1. Liberierungspflicht
Gibt eine Aktiengesellschaft neue Aktien aus, so zeichnen die Aktionäre die entsprechenden Aktien und verpflichten sich, den dafür geforderten Ausgabebetrag zu bezahlen (vgl. Art. 630 OR). Der Ausgabebetrag entspricht dabei mindestens dem Nennwert der Aktien (vgl. Art. 624 OR).
Sobald der Aktionär den Ausgabebetrag vollständig bezahlt und damit seine Liberierungspflicht erfüllt hat, gibt es für ihn keinerlei weitere Pflichten gegenüber der Gesellschaft mehr. Ein Aktionär kann auch nicht in den Statuten verpflichtet werden, der Gesellschaft darüber hinaus noch mehr zu leisten (vgl. Art. 680 Abs. 1 OR). Dies im Gegensatz zur Gesellschaft mit beschränkter Haftung (GmbH), bei der die Statuten eine Nachschusspflicht der Gesellschafter vorsehen können.

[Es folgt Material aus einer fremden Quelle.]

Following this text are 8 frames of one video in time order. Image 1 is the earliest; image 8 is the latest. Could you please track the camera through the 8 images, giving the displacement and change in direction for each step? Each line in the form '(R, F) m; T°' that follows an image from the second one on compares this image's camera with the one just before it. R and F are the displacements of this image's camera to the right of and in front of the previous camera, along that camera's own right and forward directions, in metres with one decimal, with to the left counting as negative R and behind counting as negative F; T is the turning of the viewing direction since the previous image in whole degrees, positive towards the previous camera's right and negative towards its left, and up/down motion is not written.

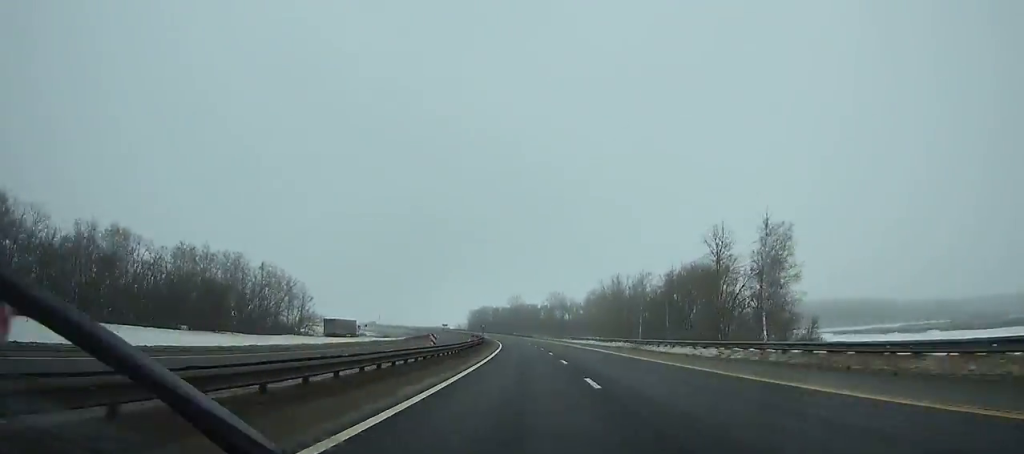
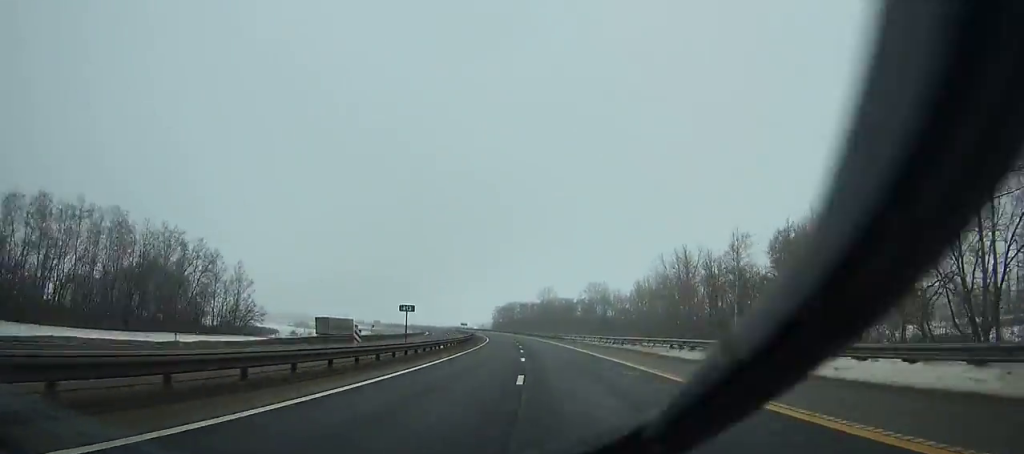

Die Aktiengesellschaft kann im vorliegenden Fall deshalb keinen Anspruch gegen den Minderheitsaktionär haben, einen Teil der Verluste zu tragen. Dies verbietet das Aktienrecht.
2. Finanzierungspflicht im Aktionärbindungsvertrag
Ein Anspruch der Gesellschaft ist im vorliegenden Fall zwar ausgeschlossen, ein Anspruch des Mehrheitsaktionärs hingegen nicht. Es ist zulässig, dass Aktionäre miteinander so genannte Aktionärbindungsverträge abschliessen und darin untereinander weitere Pflichten vorsehen, die über das Aktienrecht hinausgehen.
Eine nicht untypische Bestimmung kann darin bestehen, dass jeder Aktionär anteilmässig zu seiner Beteiligung am Aktienkapital die Finanzierung der Gesellschaft sicherstellen muss. Der Aktionärbindungsvertrag kann vorsehen, dass ein Aktionär, der dieser Finanzierungsverpflichtung nicht nachkommt, seine Aktien den übrigen Aktionären verkaufen muss.
Ein solcher Aktionärbindungsvertrag kommt aber nur zustande, wenn die entsprechenden Aktionäre diesem zustimmen. Aus Beweisgründen wird ein solcher Aktionärbindungsvertrag in der Regel schriftlich geschlossen. Der Minderheitsaktionär müsste diesen also mitunterzeichnet haben. Liegt keine solche vertragliche Verpflichtung vor, besteht auch keine Pflicht zur Verlusttragung.